Stored dataset items:
=== Begin Enclosure ===
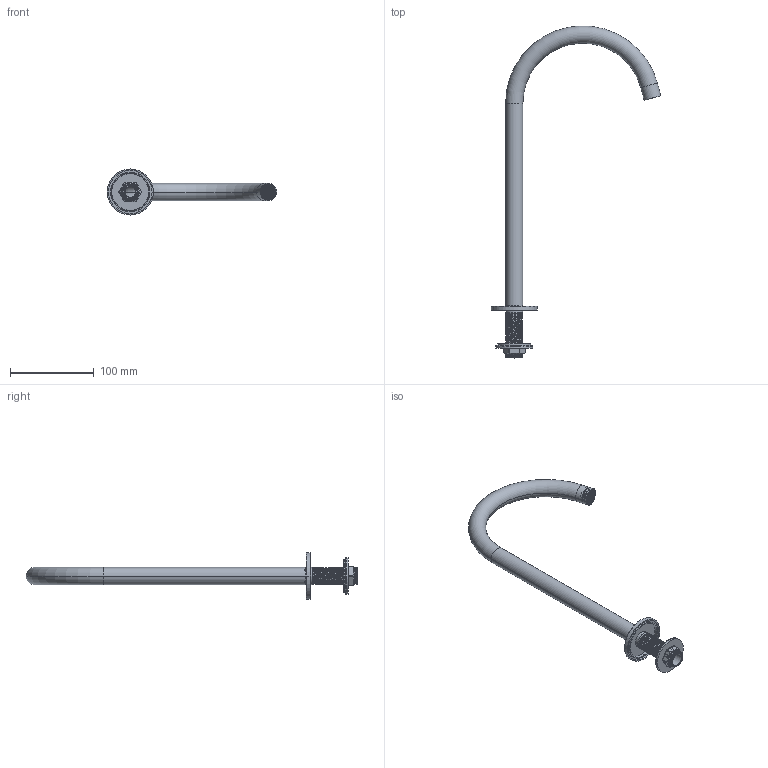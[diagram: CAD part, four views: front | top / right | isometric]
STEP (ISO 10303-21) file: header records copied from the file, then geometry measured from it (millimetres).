
FILE_DESCRIPTION((''),'2;1');
FILE_NAME('C7601_ASM','2024-05-31T14:40:49',('PC'),(''),'CREO PARAMETRIC BY PTC INC, 2024063','CREO PARAMETRIC BY PTC INC, 2024063','');
FILE_SCHEMA(('CONFIG_CONTROL_DESIGN','SHAPE_APPEARANCE_LAYERS_GROUPS'));
Length unit declared in the file: millimetre
Products named in the file (10): 962408; 982715; 971436-1; 971436_ASM; 9430104; 941943; 946944; 987169; 976073; C7601_ASM
Assembly tree (9 placements, depth 3):
  C7601_ASM
    962408
    982715
    971436_ASM
      971436-1
    9430104
    941943
    946944
    987169
    976073
Bounding box: 202.45 x 396.3 x 55 mm (x, y, z)
Volume: 77656.5 mm3; surface area: 93236 mm2
Topology: 8 solids, 12 shells, 2169 faces, 5321 edges, 3517 vertices
Faces by surface type: plane 1440, cylinder 599, bspline 59, torus 36, cone 31, revolution 4
Entity records: 100659 total; most frequent: CARTESIAN_POINT 33773, ORIENTED_EDGE 10622, DIRECTION 9652, PRESENTATION_STYLE_ASSIGNMENT 5337, STYLED_ITEM 5331, CURVE_STYLE 5319, EDGE_CURVE 5319, VECTOR 3740
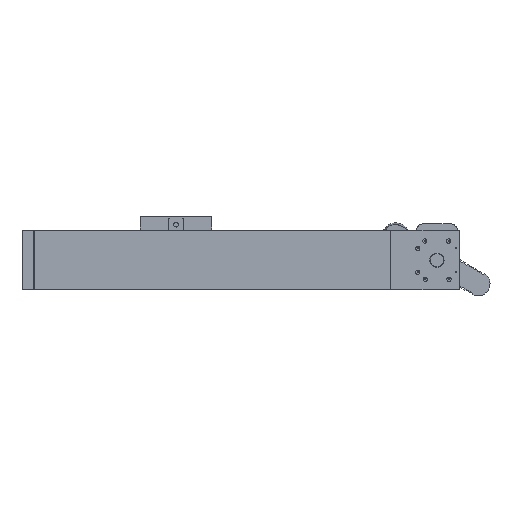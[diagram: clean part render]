
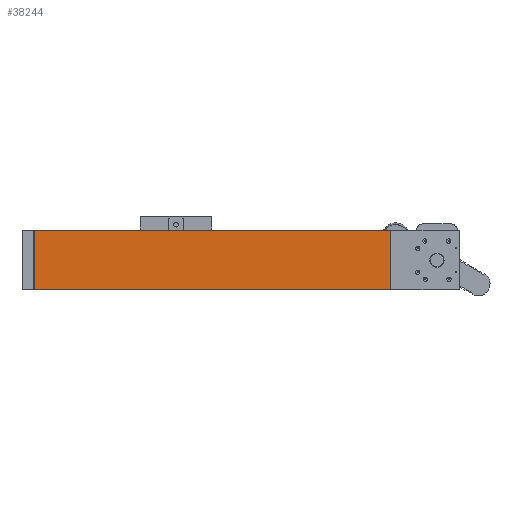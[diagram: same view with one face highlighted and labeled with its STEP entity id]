
A CAD part, left-side view. The second image highlights one B-rep face of the part: STEP entity #38244.
In plain terms, the highlighted planar face has unit normal (-1, 0, 0).
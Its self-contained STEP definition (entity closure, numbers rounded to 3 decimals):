
#1127=LINE('',#48907,#3775);
#1181=LINE('',#49043,#3829);
#1182=LINE('',#49045,#3830);
#1183=LINE('',#49047,#3831);
#3775=VECTOR('',#42053,1000.);
#3829=VECTOR('',#42155,1000.);
#3830=VECTOR('',#42158,1000.);
#3831=VECTOR('',#42159,1000.);
#6424=PLANE('',#39937);
#7714=ORIENTED_EDGE('',*,*,#15828,.T.);
#7715=ORIENTED_EDGE('',*,*,#15829,.F.);
#7716=ORIENTED_EDGE('',*,*,#15765,.F.);
#7717=ORIENTED_EDGE('',*,*,#15827,.T.);
#15765=EDGE_CURVE('',#19841,#19842,#1127,.T.);
#15827=EDGE_CURVE('',#19841,#19899,#1181,.T.);
#15828=EDGE_CURVE('',#19899,#19900,#1182,.T.);
#15829=EDGE_CURVE('',#19842,#19900,#1183,.T.);
#19841=VERTEX_POINT('',#48906);
#19842=VERTEX_POINT('',#48908);
#19899=VERTEX_POINT('',#49042);
#19900=VERTEX_POINT('',#49046);
#23214=EDGE_LOOP('',(#7714,#7715,#7716,#7717));
#25202=FACE_BOUND('',#23214,.T.);
#38244=ADVANCED_FACE('',(#25202),#6424,.F.);
#39937=AXIS2_PLACEMENT_3D('',#49044,#42156,#42157);
#42053=DIRECTION('',(0.,0.,1.));
#42155=DIRECTION('',(0.,-1.,0.));
#42156=DIRECTION('',(1.,0.,0.));
#42157=DIRECTION('',(0.,0.,-1.));
#42158=DIRECTION('',(0.,0.,1.));
#42159=DIRECTION('',(0.,-1.,0.));
#48906=CARTESIAN_POINT('',(-25.,300.,-25.));
#48907=CARTESIAN_POINT('',(-25.,300.,-25.));
#48908=CARTESIAN_POINT('',(-25.,300.,25.));
#49042=CARTESIAN_POINT('',(-25.,0.,-25.));
#49043=CARTESIAN_POINT('',(-25.,100.,-25.));
#49044=CARTESIAN_POINT('',(-25.,100.,-25.));
#49045=CARTESIAN_POINT('',(-25.,0.,-25.));
#49046=CARTESIAN_POINT('',(-25.,0.,25.));
#49047=CARTESIAN_POINT('',(-25.,100.,25.));
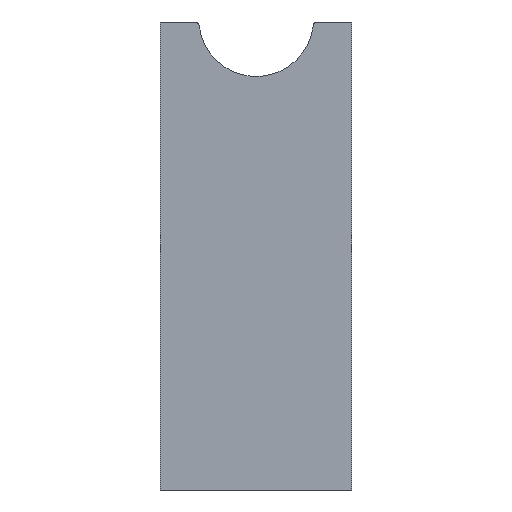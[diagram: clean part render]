
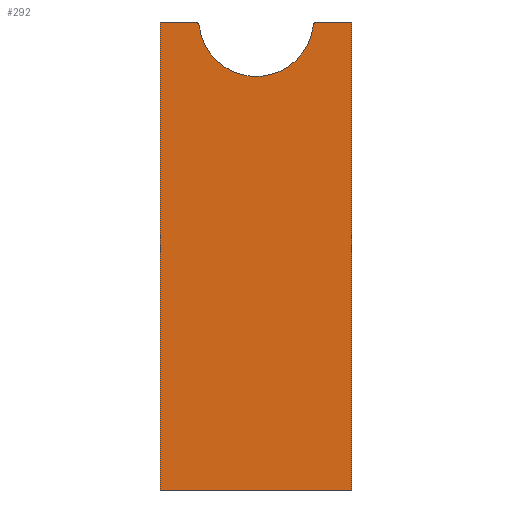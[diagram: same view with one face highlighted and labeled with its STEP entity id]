
A CAD part, left-side view. The second image highlights one B-rep face of the part: STEP entity #292.
In plain terms, the highlighted planar face has unit normal (-1, 0, 0).
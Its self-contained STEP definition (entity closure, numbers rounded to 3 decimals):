
#23=PLANE('',#338);
#44=FACE_OUTER_BOUND('',#62,.T.);
#62=EDGE_LOOP('',(#251,#252,#253,#254,#255,#256,#257,#258));
#83=LINE('',#493,#107);
#86=LINE('',#502,#110);
#87=LINE('',#505,#111);
#89=LINE('',#508,#113);
#90=LINE('',#509,#114);
#107=VECTOR('',#405,10.);
#110=VECTOR('',#414,10.);
#111=VECTOR('',#417,10.);
#113=VECTOR('',#421,10.);
#114=VECTOR('',#422,10.);
#125=CIRCLE('',#324,1.);
#129=CIRCLE('',#330,13.5);
#130=CIRCLE('',#332,1.);
#141=VERTEX_POINT('',#459);
#142=VERTEX_POINT('',#460);
#151=VERTEX_POINT('',#482);
#152=VERTEX_POINT('',#486);
#153=VERTEX_POINT('',#490);
#154=VERTEX_POINT('',#492);
#157=VERTEX_POINT('',#500);
#158=VERTEX_POINT('',#504);
#171=EDGE_CURVE('',#141,#142,#125,.T.);
#182=EDGE_CURVE('',#151,#142,#129,.T.);
#184=EDGE_CURVE('',#151,#152,#130,.T.);
#187=EDGE_CURVE('',#153,#154,#83,.T.);
#192=EDGE_CURVE('',#153,#157,#86,.T.);
#193=EDGE_CURVE('',#154,#158,#87,.T.);
#195=EDGE_CURVE('',#158,#141,#89,.T.);
#196=EDGE_CURVE('',#152,#157,#90,.T.);
#251=ORIENTED_EDGE('',*,*,#171,.F.);
#252=ORIENTED_EDGE('',*,*,#195,.F.);
#253=ORIENTED_EDGE('',*,*,#193,.F.);
#254=ORIENTED_EDGE('',*,*,#187,.F.);
#255=ORIENTED_EDGE('',*,*,#192,.T.);
#256=ORIENTED_EDGE('',*,*,#196,.F.);
#257=ORIENTED_EDGE('',*,*,#184,.F.);
#258=ORIENTED_EDGE('',*,*,#182,.T.);
#292=ADVANCED_FACE('',(#44),#23,.T.);
#324=AXIS2_PLACEMENT_3D('',#461,#375,#376);
#330=AXIS2_PLACEMENT_3D('',#483,#394,#395);
#332=AXIS2_PLACEMENT_3D('',#487,#399,#400);
#338=AXIS2_PLACEMENT_3D('',#507,#419,#420);
#375=DIRECTION('center_axis',(1.,0.,0.));
#376=DIRECTION('ref_axis',(0.,-0.665,0.747));
#394=DIRECTION('center_axis',(1.,0.,0.));
#395=DIRECTION('ref_axis',(0.,1.,0.));
#399=DIRECTION('center_axis',(1.,0.,0.));
#400=DIRECTION('ref_axis',(0.,0.665,0.747));
#405=DIRECTION('',(0.,1.,0.));
#414=DIRECTION('',(0.,0.,1.));
#417=DIRECTION('',(0.,0.,1.));
#419=DIRECTION('center_axis',(-1.,0.,0.));
#420=DIRECTION('ref_axis',(0.,-1.,0.));
#421=DIRECTION('',(0.,-1.,0.));
#422=DIRECTION('',(0.,-1.,0.));
#459=CARTESIAN_POINT('',(-82.5,72.357,66.6));
#460=CARTESIAN_POINT('',(-82.5,71.364,65.717));
#461=CARTESIAN_POINT('Origin',(-82.5,72.357,65.6));
#482=CARTESIAN_POINT('',(-82.5,44.548,65.717));
#483=CARTESIAN_POINT('Origin',(-82.5,57.956,67.293));
#486=CARTESIAN_POINT('',(-82.5,43.555,66.6));
#487=CARTESIAN_POINT('Origin',(-82.5,43.555,65.6));
#490=CARTESIAN_POINT('',(-82.5,35.5,-43.4));
#492=CARTESIAN_POINT('',(-82.5,80.5,-43.4));
#493=CARTESIAN_POINT('',(-82.5,35.5,-43.4));
#500=CARTESIAN_POINT('',(-82.5,35.5,66.6));
#502=CARTESIAN_POINT('',(-82.5,35.5,-43.4));
#504=CARTESIAN_POINT('',(-82.5,80.5,66.6));
#505=CARTESIAN_POINT('',(-82.5,80.5,-43.4));
#507=CARTESIAN_POINT('Origin',(-82.5,80.5,-43.4));
#508=CARTESIAN_POINT('',(-82.5,35.5,66.6));
#509=CARTESIAN_POINT('',(-82.5,35.5,66.6));
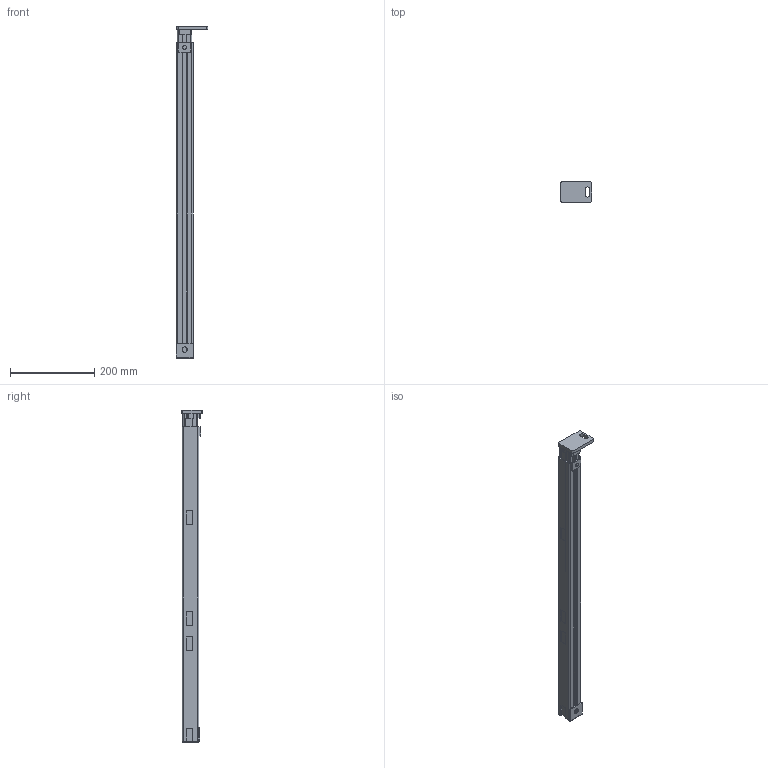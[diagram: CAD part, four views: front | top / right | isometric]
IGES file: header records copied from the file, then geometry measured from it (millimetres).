
Global section: file name: 111825; native system: Autodesk Inventor 2014; preprocessor: unknown; date: 20140826.181504; units: millimetre
Bounding box: 74.5 x 48 x 790 mm (x, y, z)
Volume: 373215.9 mm3; surface area: 406529 mm2
Topology: 5 solids, 5 shells, 159 faces, 438 edges, 292 vertices
Faces by surface type: plane 125, cylinder 23, revolution 11
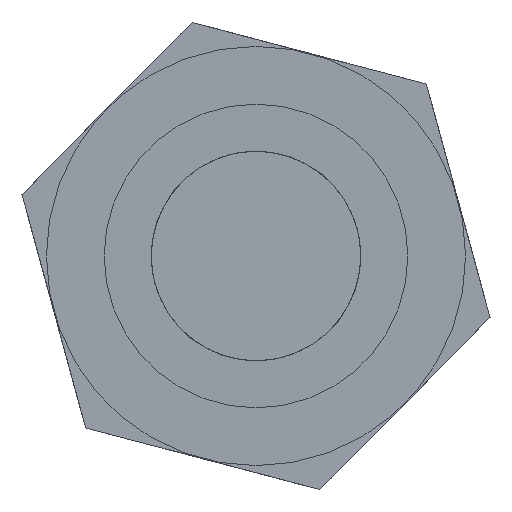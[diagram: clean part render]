
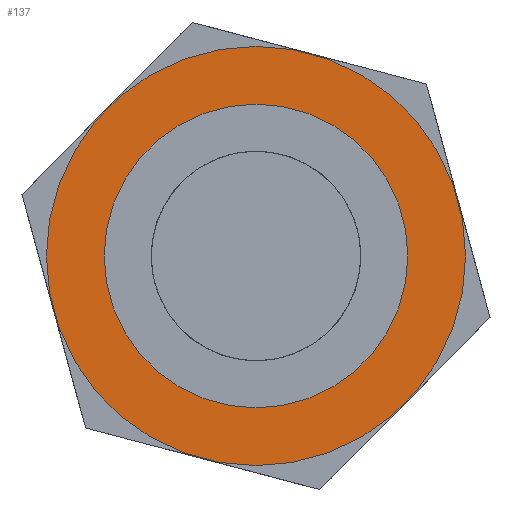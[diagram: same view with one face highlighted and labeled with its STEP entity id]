
A CAD part, left-side view. The second image highlights one B-rep face of the part: STEP entity #137.
In plain terms, the highlighted planar face has unit normal (-1, 0, 0).
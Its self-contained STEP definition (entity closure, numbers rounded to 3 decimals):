
#86=CARTESIAN_POINT('',(0.,-2.3,0.));
#87=VERTEX_POINT('',#86);
#88=CARTESIAN_POINT('',(0.,0.,0.0));
#89=DIRECTION('',(1.0,0.0,0.0));
#90=DIRECTION('',(0.0,1.0,0.0));
#91=AXIS2_PLACEMENT_3D('',#88,#89,#90);
#92=CIRCLE('',#91,2.3);
#93=EDGE_CURVE('',#87,#87,#92,.T.);
#103=CARTESIAN_POINT('',(0.0,3.175,0.0));
#104=VERTEX_POINT('',#103);
#105=CARTESIAN_POINT('',(0.,0.,0.0));
#106=DIRECTION('',(1.0,0.0,0.0));
#107=DIRECTION('',(0.0,1.0,0.0));
#108=AXIS2_PLACEMENT_3D('',#105,#106,#107);
#109=CIRCLE('',#108,3.175);
#110=EDGE_CURVE('',#104,#104,#109,.T.);
#126=CARTESIAN_POINT('',(0.0,1.588,0.0));
#127=DIRECTION('',(-1.0,0.0,0.0));
#128=DIRECTION('',(0.0,0.0,1.0));
#129=AXIS2_PLACEMENT_3D('',#126,#127,#128);
#130=PLANE('',#129);
#131=ORIENTED_EDGE('',*,*,#110,.F.);
#132=EDGE_LOOP('',(#131));
#133=FACE_OUTER_BOUND('',#132,.T.);
#134=ORIENTED_EDGE('',*,*,#93,.T.);
#135=EDGE_LOOP('',(#134));
#136=FACE_BOUND('',#135,.T.);
#137=ADVANCED_FACE('',(#133,#136),#130,.T.);
=== End Enclosure ===
**WORK ITEM:** Some lines above hold the word "from". Copy all of them.

**SOLUTION TO THIS EXERCISE:**
STEP (ISO 10303-21) file: header records copied from the file, then geometry measured from it (millimetres).
IGES file: header records copied from the file, then geometry measured from it (millimetres).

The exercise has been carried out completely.